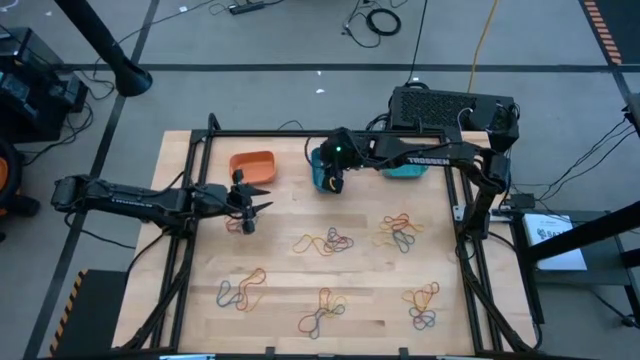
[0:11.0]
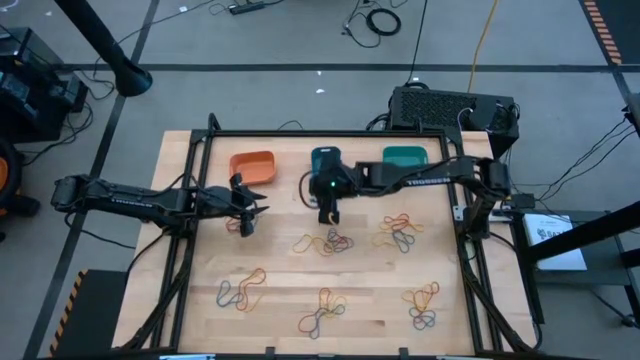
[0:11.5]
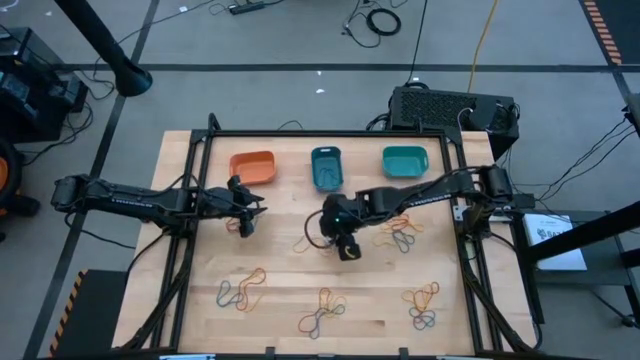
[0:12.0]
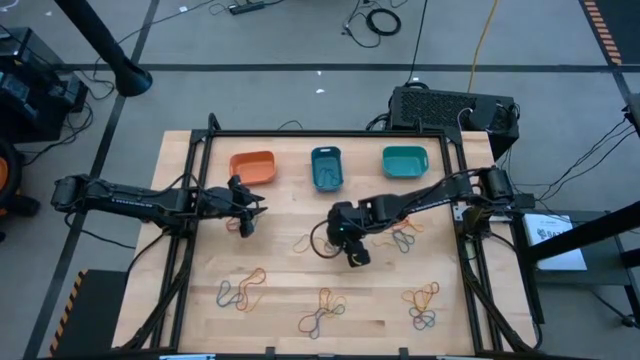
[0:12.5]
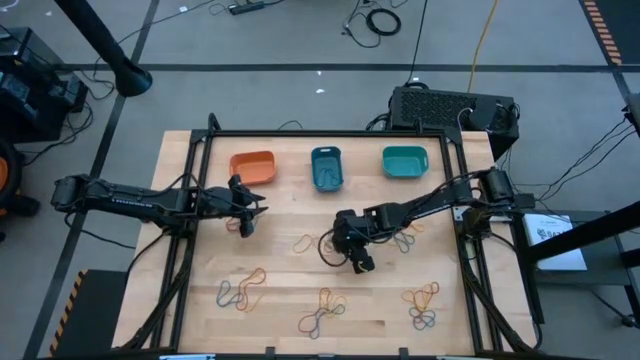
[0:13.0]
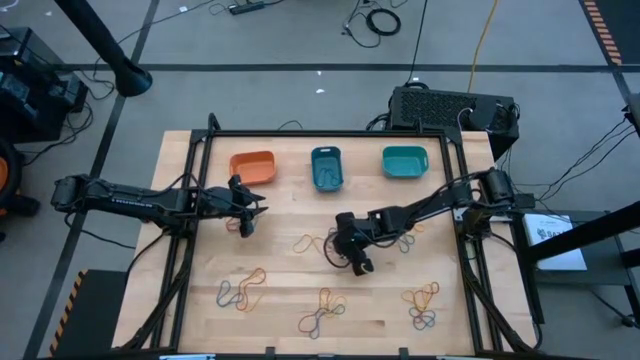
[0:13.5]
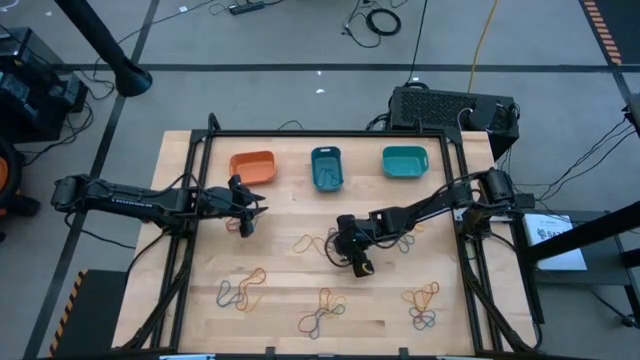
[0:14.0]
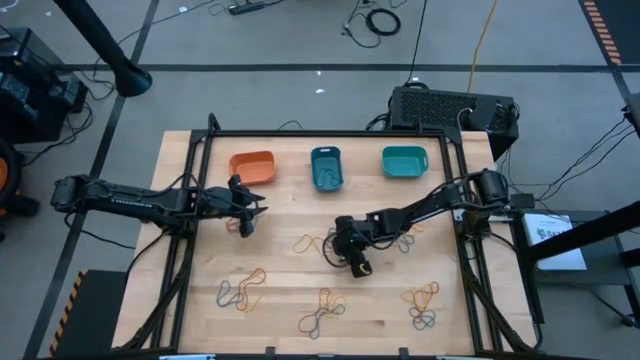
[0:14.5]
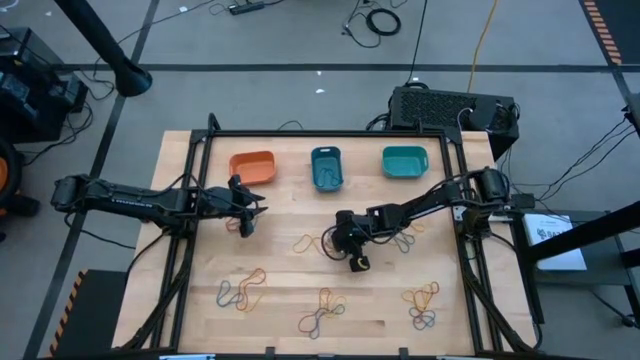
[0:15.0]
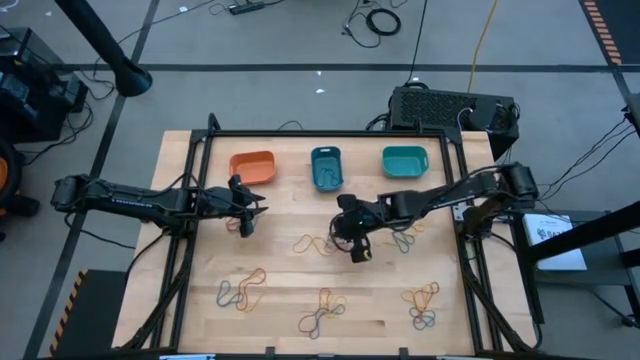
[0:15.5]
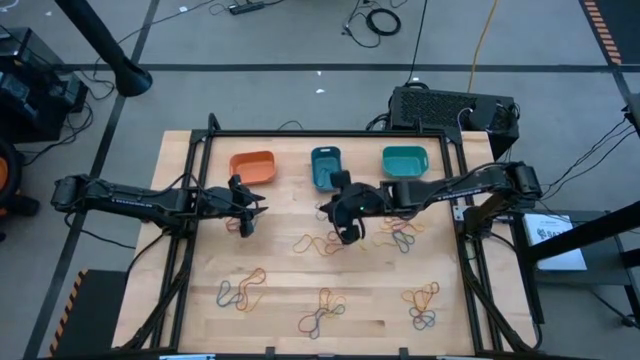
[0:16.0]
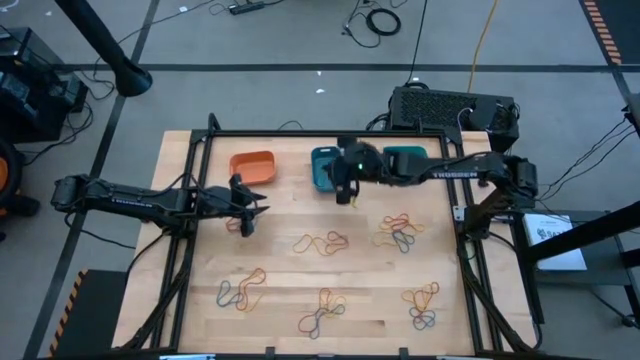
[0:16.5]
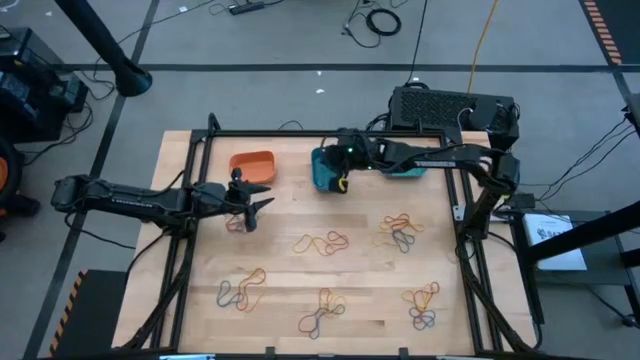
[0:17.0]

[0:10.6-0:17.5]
Task: Sort rubber bands into baskets
Put the blue rubber band into the blue bin

═══

◆ What is needed
Please copy out the whole listing exactly as it stands, minus the pictures.

◆ Solution to this exercise
[0:11.0]
[0:11.5]
[0:12.0]
[0:12.5]
[0:13.0]
[0:13.5]
[0:14.0]
[0:14.5]
[0:15.0]
[0:15.5]
[0:16.0]
[0:16.5]
[0:17.0]

[0:10.6-0:17.5]
Task: Sort rubber bands into baskets
Put the blue rubber band into the blue bin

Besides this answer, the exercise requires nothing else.